石川・珠洲の高齢者「仮設入りたい」 避難生活...熱中症も心配

小学校の教室で避難生活を送る藪さん。暑さに備え冷房が効いた1階の教室に移動した =石川県珠洲市・若山小

 能登半島地震による避難生活の長期化は、被災した高齢者の大きな負担となっている。「一日も早く仮設住宅に入りたいんけど、(仮設住宅が)当たらんのやわ」。石川県珠洲市にある若山小の教室で、避難生活を送る藪信子さん(74)は嘆く。

 仮設住宅は建設中のため、入居は抽選による順番待ちの状況だ。

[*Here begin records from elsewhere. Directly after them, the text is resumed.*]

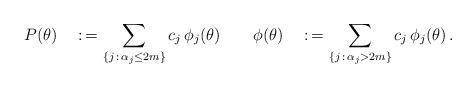
LaTeX: \begin{align*}P(\theta)\quad:\,=\sum_{\{j\,:\,\alpha_j\le 2m\}} c_j\,\phi_j(\theta)\qquad\phi(\theta)\quad:\,=\sum_{\{j\,:\,\alpha_j> 2m\}} c_j\,\phi_j(\theta)\,.\end{align*}
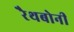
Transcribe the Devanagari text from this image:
रैथबोनी
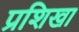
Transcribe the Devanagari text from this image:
प्रशिखा
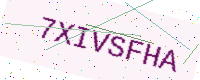
Text: 7XIVSFHA
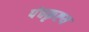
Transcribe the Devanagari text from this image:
पंचकृष्टय
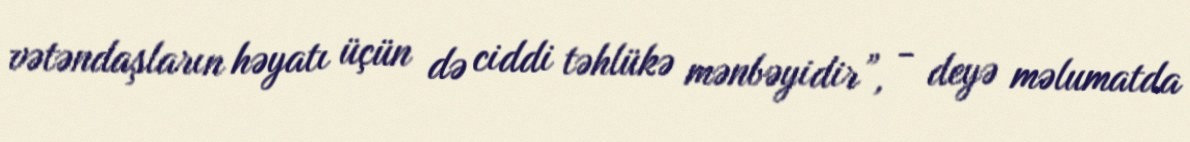
vətəndaşların həyatı üçün də ciddi təhlükə mənbəyidir”, - deyə məlumatda
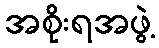
အစိုးရအဖွဲ့
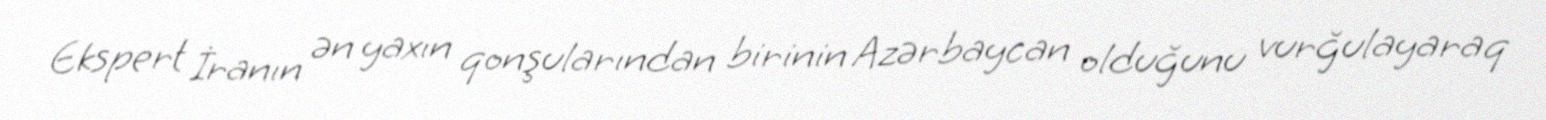
Ekspert İranın ən yaxın qonşularından birinin Azərbaycan olduğunu vurğulayaraq
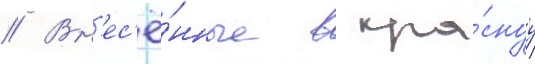
// Вн'ес'ё́нные в кра́снуу
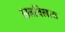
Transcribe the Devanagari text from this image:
छत्रविलास
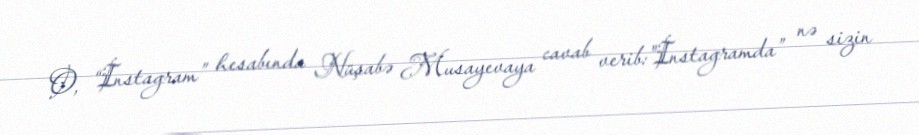
O, “İnstagram” hesabında Nüşabə Musayevaya cavab verib:"İnstagramda” nə sizin
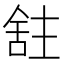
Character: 𫇕
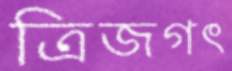
ত্রিজগৎ
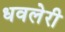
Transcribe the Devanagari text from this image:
धवलेरी
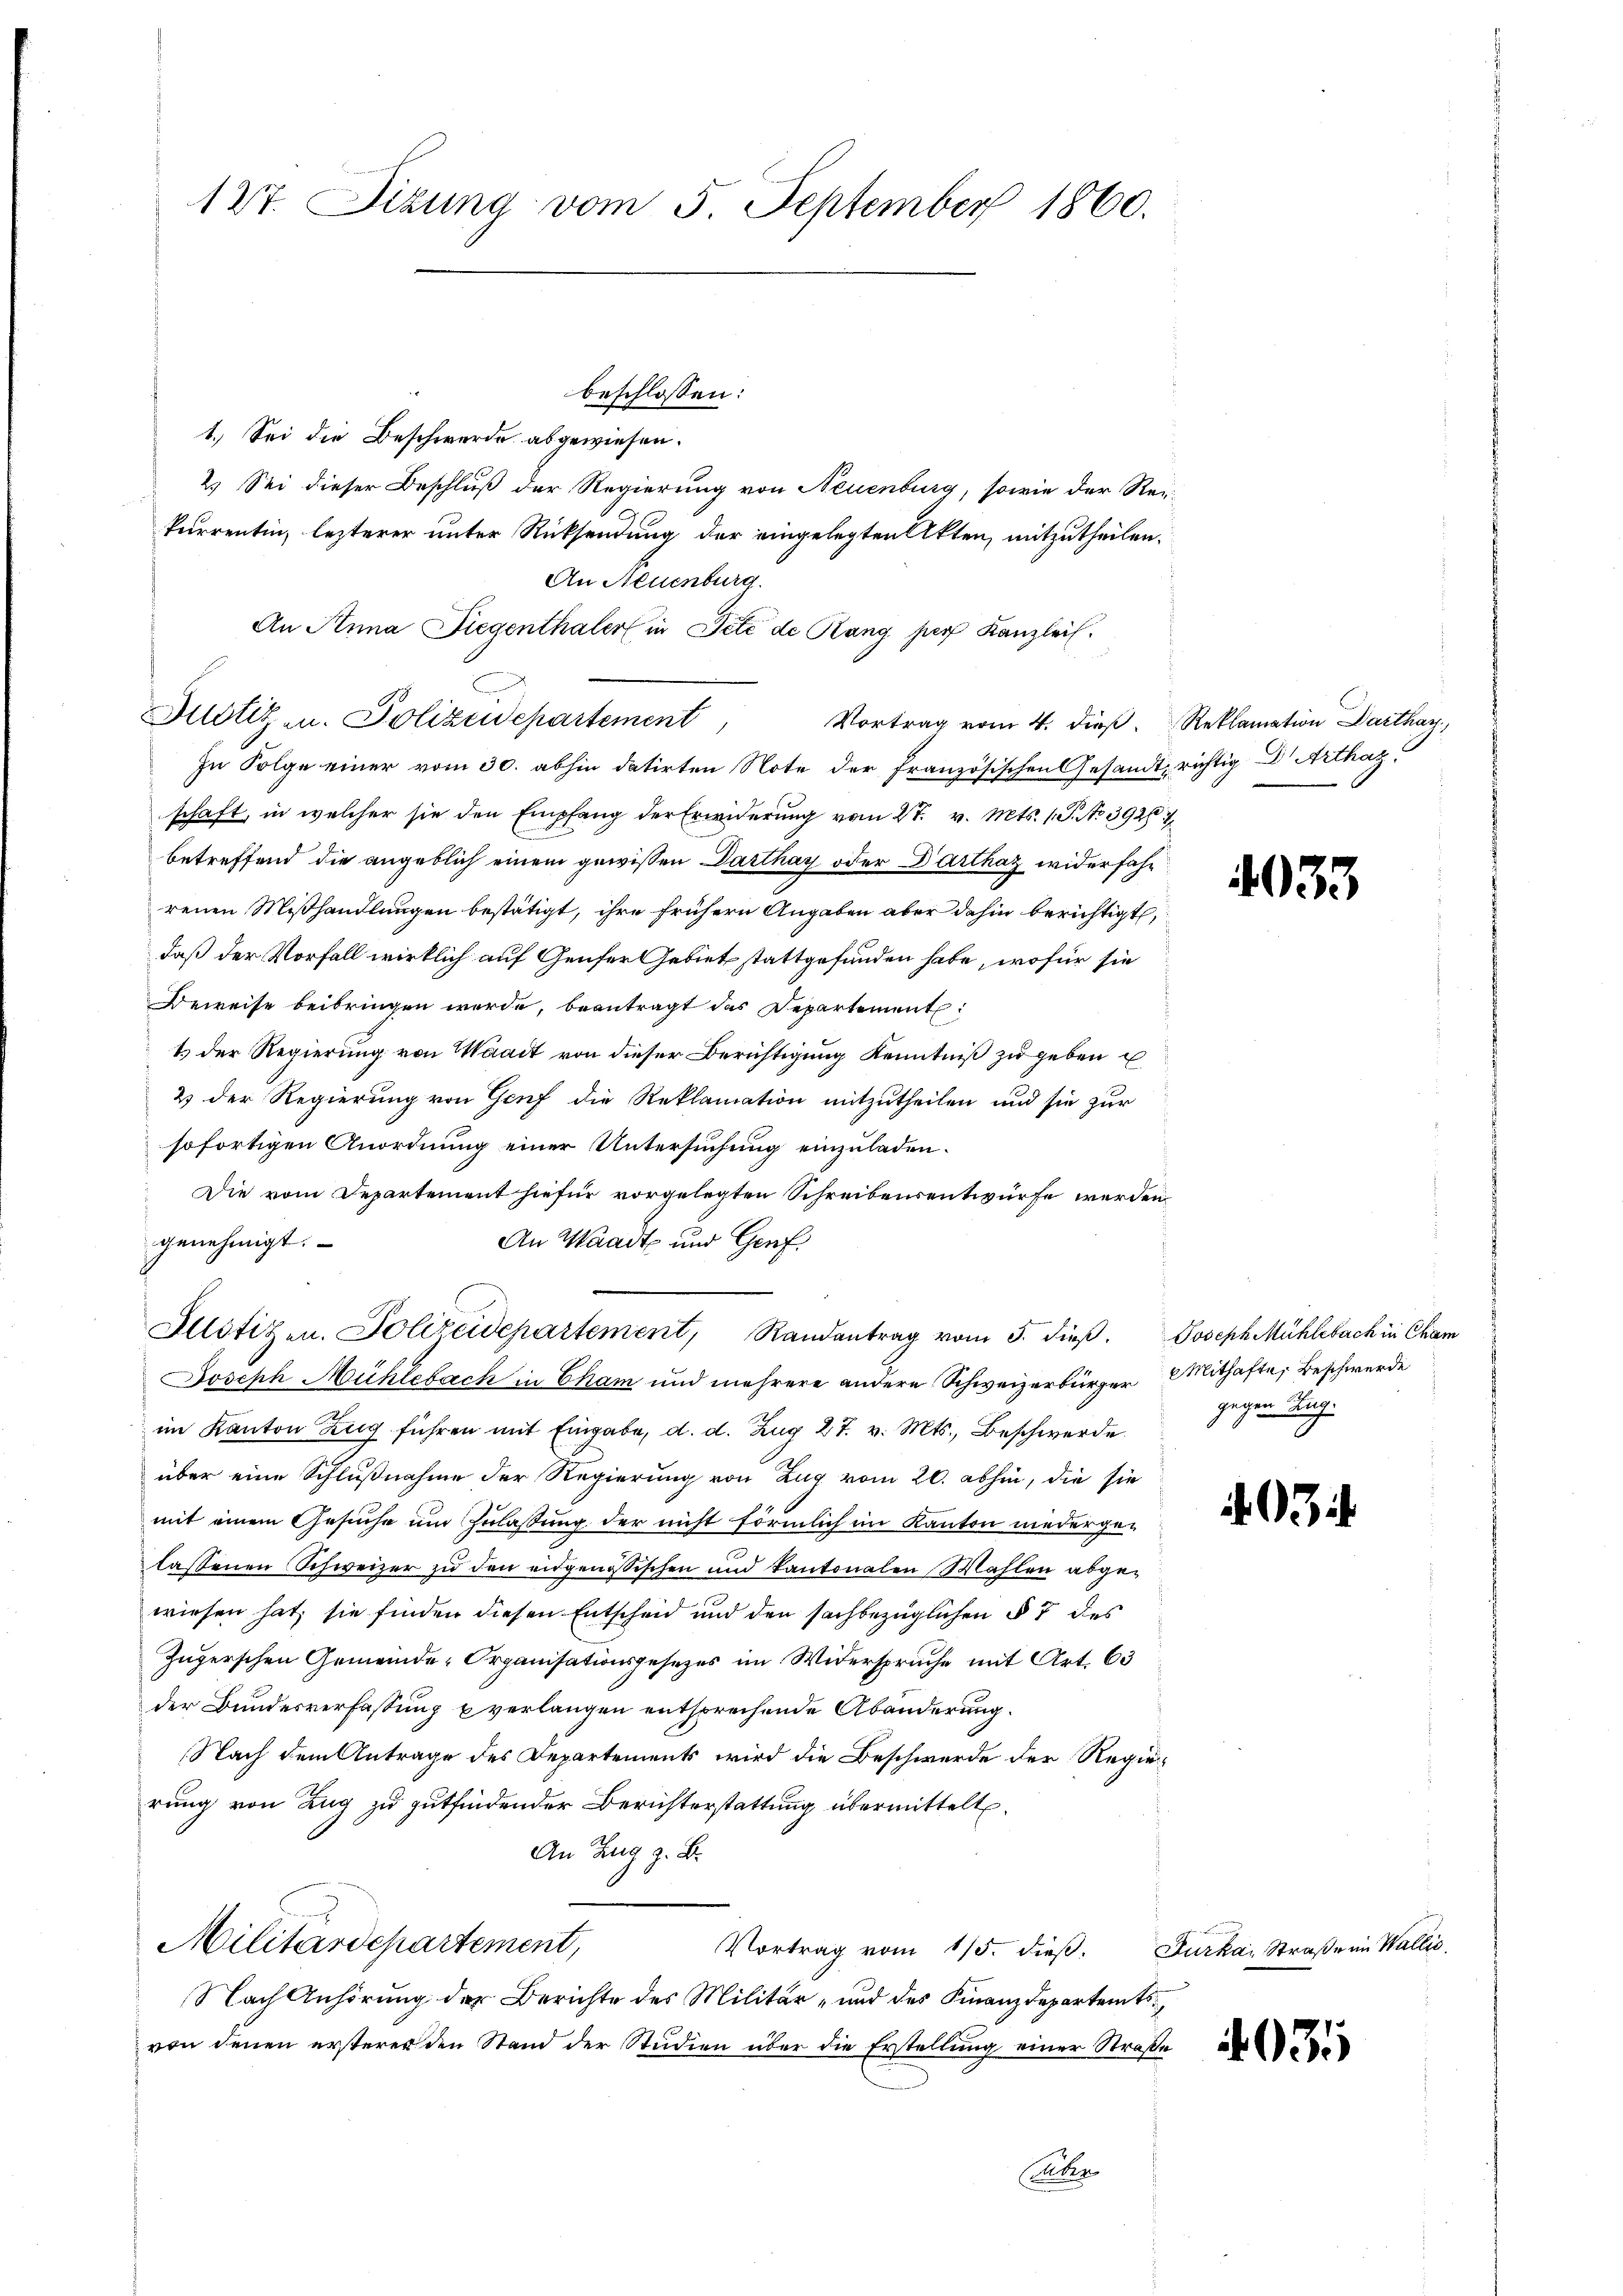
127. Sizung vom 5. September 1860.

1.) Sei die Beschwerde abgewiesen.
2.) Sei dieser Beschluß der Regierung von Neuenburg, sowie der Reikurrentin, lezterer unter Rücksendung der eingelegten Akten, mitzutheilen.
An Neuenburg.
An Anna Liegenthaler in Tité de Rang per Kanzlei.
Justiz u. Polizeidepartement
Vortrag vom 4. dieß Reklamation Darthay
In Folge einer vom 30. abhin datirten Note der französischen Gesandt, richtig u Arthag
schaft, in welcher sie den Empfang der Erwiderung vom 27. v. Mts. 1 S. No 3928
betreffend die angeblich einem gewissen Darthay oder Darthaz widerfahr
renen Mißhandlungen bestätigt, ihre frühern Angaben aber dahin berichtigt,
daß der Vorfall wirklich auf Genfer Gebiet stattgefunden habe, wofür sie
Beweise beibringen werde, beantragt das Departement:
1.) Der Regierung von Waadt von dieser Berichtigung Kenntniß zu geben u
2 der Regierung von Genf die Reklamation mitzutheilen und sie zur
sofortigen Anordnung einer Untersuchung einzuladen.
Die vom Departement hiefür vorgelegten Schreibensentwürfe werden
genehmigt.
An Waadt und Genf.
Allotizen. Polizeidepartement, Randantrag vom 5. dieβ. Joseph Mühlebach in Cham
Joseph Mühlebach in Cham und mehrere andere Schweizerbürger Mithafte, Beschwerde
im Kanton Zug führen mit Eingabe, d. d. Zug 27. v. Mts., Beschwerde.
über eine Schlußnahme der Regierung von Zug vom 20. abhin, die sie
mit einem Gesuche um Zulassung der nicht förmlich im Kanton niedergelassenen Schweizer zu den eidgenössischen und kantonalen Wahlen abgewiesen hat, sie finden diesen Entscheid und den sachbezüglichen § 7 des
Zugerschen Gemeinde-Organisationsgesezes im Widerspruche mit Art. 63
der Bundesverfassung u verlangen entsprechende Abänderung.
Nach dem Antrage des Departements wird die Beschwerde der Regierung von Zug zu gutfindender Berichterstattung übermittelt.
An Zug z. B.
Militärdepartement,
Vortrag vom 15. dieβ.
Nach Anhörung der Berichte des Militär- und des Finanzdepartemtsvon denen ersterer den Stand der Studien über die Erstellung einer Straße
Colcken

beschlossen:

4033

gegen Aug.

3

Furka Straße im Wallis.

4035
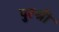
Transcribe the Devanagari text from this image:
पुरश्री
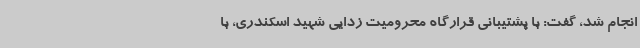
انجام شد، گفت: با پشتیبانی قرارگاه محرومیت زدایی شهید اسکندری، با
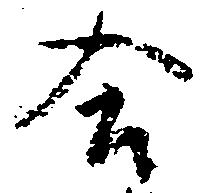
合
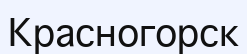
Красногорск
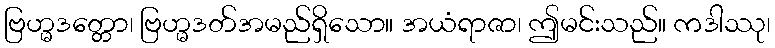
ဗြဟ္မဒတ္တော၊ ဗြဟ္မဒတ်အမည်ရှိသော။ အယံရာဇာ၊ ဤမင်းသည်။ ကဒါဿု၊
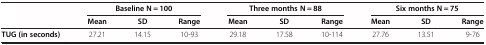
<table><thead><tr><td><b> </b></td><td colspan="3"><b>Baseline N = 100</b></td><td colspan="3"><b>Three months N = 88</b></td><td colspan="3"><b>Six months N = 75</b></td></tr><tr><td><b> </b></td><td><b>Mean</b></td><td><b>SD</b></td><td><b>Range</b></td><td><b>Mean</b></td><td><b>SD</b></td><td><b>Range</b></td><td><b>Mean</b></td><td><b>SD</b></td><td><b>Range</b></td></tr></thead><tbody><tr><td><b>TUG (in seconds)</b></td><td>27.21</td><td>14.15</td><td>10-93</td><td>29.18</td><td>17.58</td><td>10-114</td><td>27.76</td><td>13.51</td><td>9-76</td></tr></tbody></table>
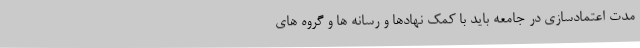
مدت اعتمادسازی در جامعه باید با کمک نهادها و رسانه ها و گروه های
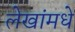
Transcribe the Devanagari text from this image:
लेखांमधे
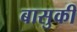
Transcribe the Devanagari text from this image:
बासुकी
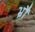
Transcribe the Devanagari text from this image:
भ्रौं
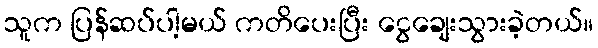
သူက ပြန်ဆပ်ပါ့မယ် ကတိပေးပြီး ငွေချေးသွားခဲ့တယ်။
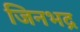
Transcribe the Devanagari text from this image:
जिनभद्र
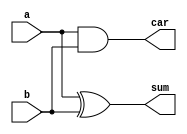
module ha(sum,car,a,b);
  input a,b;
  output sum,car;
  xor(sum,a,b);
  and(car,a,b);
endmodule
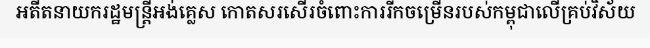
អតីតនាយករដ្ឋមន្ត្រីអង់គ្លេស កោតសរសើរចំពោះការរីកចម្រើនរបស់កម្ពុជាលើគ្រប់វិស័យ
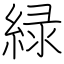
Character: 緑
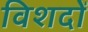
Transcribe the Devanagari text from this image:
विशदों
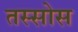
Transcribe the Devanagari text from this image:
तस्सोस
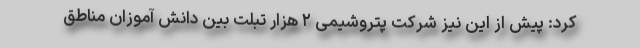
کرد: پیش از این نیز شرکت پتروشیمی ۲ هزار تبلت بین دانش آموزان مناطق
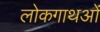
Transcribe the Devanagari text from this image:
लोकगाथओं
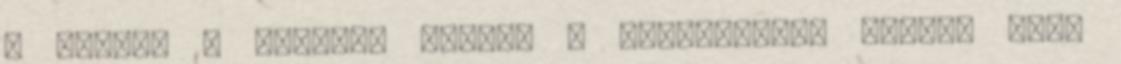
a dolog. A második körben a kedvenceim, vagyis azok
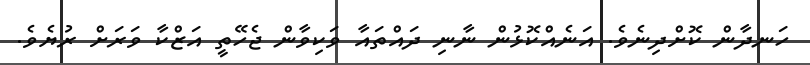
ހަނދާން ކޮށްދިނެވެ. އަނެއްކޮޅުން ނާނި ދައްތައާ ވަކިވާން ޖެހޭތީ އަޒްކާ ވަރަށް ރުޔެވެ.
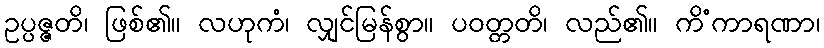
ဥပ္ပဇ္ဇတိ၊ ဖြစ်၏။ လဟုကံ၊ လျှင်မြန်စွာ။ ပဝတ္တတိ၊ လည်၏။ ကိံကာရဏာ၊
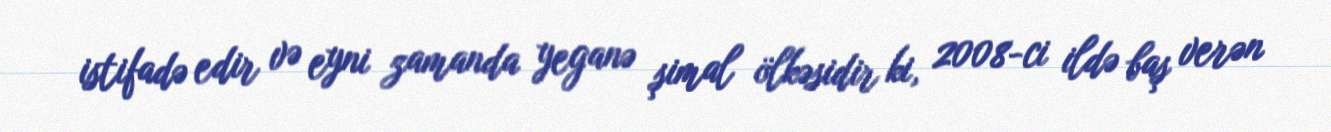
istifadə edir və eyni zamanda yeganə şimal ölkəsidir ki, 2008-ci ildə baş verən
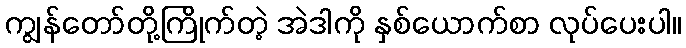
ကျွန်တော်တို့ကြိုက်တဲ့ အဲဒါကို နှစ်ယောက်စာ လုပ်ပေးပါ။
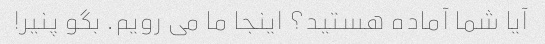
آیا شما آماده هستید؟ اینجا ما می رویم. بگو پنیر!
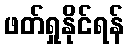
ဖတ်ရှုနိုင်ရန်
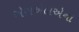
એસએલએના
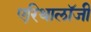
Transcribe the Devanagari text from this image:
एरिथालॉजी
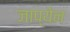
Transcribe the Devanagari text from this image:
जाप्येन
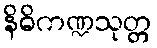
နိဓိကဏ္ဍသုတ္တ
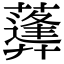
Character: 𦿪
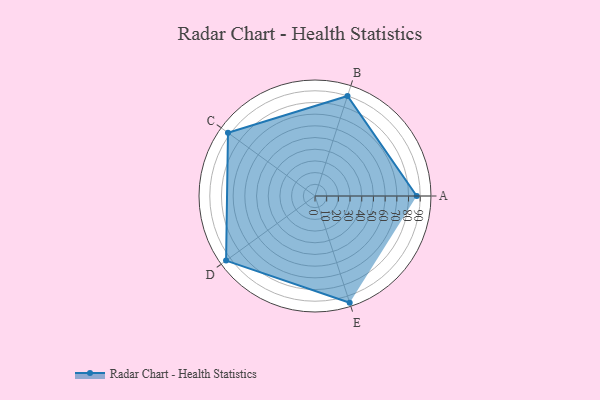
{"axis": {"x": "Skill", "y": "Score"}, "legend": ["Profile"], "data": [{"x": "A", "y": 87.0, "type": "Profile"}, {"x": "B", "y": 90.0, "type": "Profile"}, {"x": "C", "y": 92.0, "type": "Profile"}, {"x": "D", "y": 94.0, "type": "Profile"}, {"x": "E", "y": 96.0, "type": "Profile"}]}
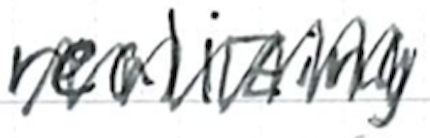
Text: realizing
Cross-out: zig-zag
Writing tool: ballpoint
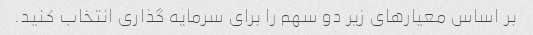
بر اساس معیارهای زیر دو سهم را برای سرمایه گذاری انتخاب کنید.
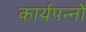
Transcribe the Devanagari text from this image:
कार्यपन्नों
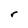
Character: r
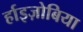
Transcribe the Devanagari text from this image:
र्हाइज़ोबिया
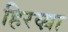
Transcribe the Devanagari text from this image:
हिरव्य़ा
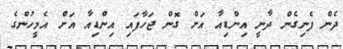
ދެން ފެނިގެން ދާނީ އިންޑިއާ އަށް ގޮން ޖަހާފައި އިންޑިއާ އަށް އެމީހުންގެ
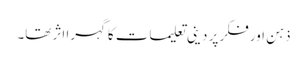
ذہن اور فکر پر دینی تعلیمات کاگہرا اثر تھا۔
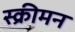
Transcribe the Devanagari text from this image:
स्क्रीमन
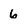
Character: 6
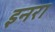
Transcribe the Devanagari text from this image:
इनरा
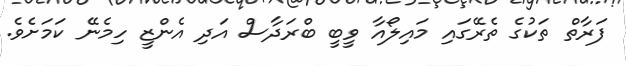
ފަރާތް ތަކުގެ ތެރޭގައި މައިލޯއާ ވީބީ ބްރަދާސް އަދި އެންޒީ ހިމެނޭ ކަމަށެވެ.
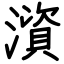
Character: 澬
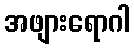
အဖျားရောဂါ
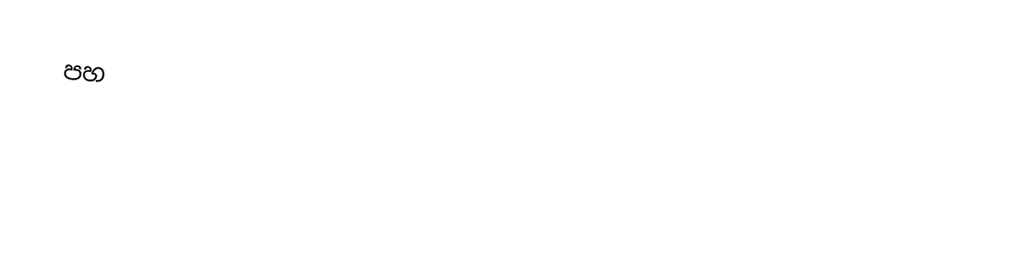
පහ
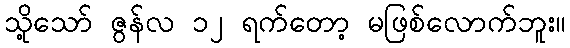
သို့သော် ဇွန်လ ၁၂ ရက်တော့ မဖြစ်လောက်ဘူး။
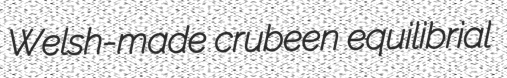
Welsh-made crubeen equilibrial
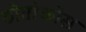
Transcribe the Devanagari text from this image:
ठोतोकोस
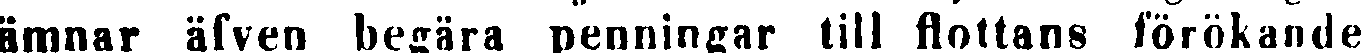
ämnar äfven begära penningar till flottans förökande
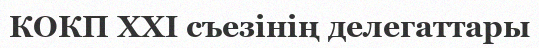
КОКП XXI съезінің делегаттары
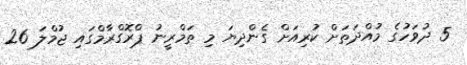
5 ދުވަހުގެ މުއްދަތަށް ކުރިއަށް ގެންދިޔަ މި ތަމްރީނު ޕްރޮގްރާމްގައި ޖުމްލަ 26
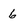
Character: 6
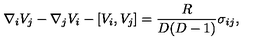
\nabla _ { i } V _ { j } - \nabla _ { j } V _ { i } - [ V _ { i } , V _ { j } ] = \frac { R } { D ( D - 1 ) } \sigma _ { i j } ,
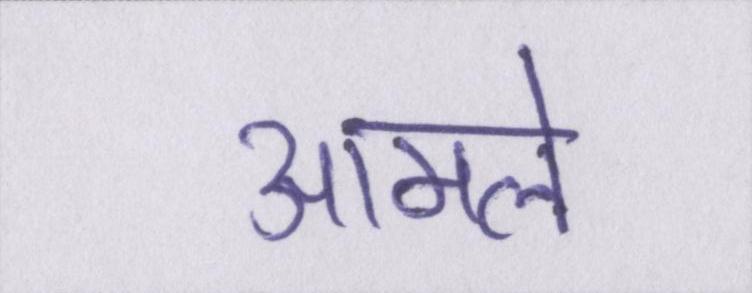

夏となり今後は熱中症も心配される。7月を目前に避難生活を送る2階の音楽室から、冷房機のある1階教室に移動した。震災後は急場をしのぐ生活が続く。

 藪さんは親族の家など避難先を転々とした後、若山小に身を寄せ、段ボールベッドで寝起きする避難所生活は2カ月半が過ぎた。食事などに気を付けて健康を維持しているが、長引く避難生活はこたえる。

 自宅の被災判定は「準半壊(一部損壊)」。家が傾いてしまった。今後については高齢なため「家を建てる気力もない」と話し「ゆくゆくは市営住宅かな。その前にここ(避難所)から出なきゃ始まらない」と表情を曇らせた。

 同じく若山小で避難生活を送る黒津和子さん(80)。震災前は夫と次男家族らと5人で生活していたが、自宅が全壊となって散り散りとなった。藪さんと同様に仮設住宅への入居待ちだ。「このままでは仮設入居は8月以降だね。今まで通りの生活に早く戻れたらいいんだけどね」とこぼした。

 孤立防ぐ見守り活動

 被災地では、仮設住宅に入居できても、住民は見知らぬ人が多く、住民同士の交流や相談の場がなくなり、高齢者が孤立してしまうケースも発生している。最悪の場合は被災者の孤独死にもつながることから、支援団体は交流会を開いたり、高齢者が住む仮設住宅を訪問したりして、被災者を健康面から支えている。

「お茶会」と題した交流会で、高齢の被災者から健康相談などに応じるスタッフら=石川県珠洲市・三崎公民館

 被災者の見守り活動を展開する「珠洲ささえ愛センター」は、珠洲市にある三崎公民館で「お茶会」と題した交流会を開催。健康や悩み相談も受け付けている。

 「話す相手がいなく、このままでは家に閉じこもっていた。ありがたい」。仮設住宅で生活を送る中西美幸さん(85)はスタッフに感謝した。同センターは、NPO法人「ピースウィンズ・ジャパン」と連携し、看護師のスタッフによる血圧測定や体操も展開している。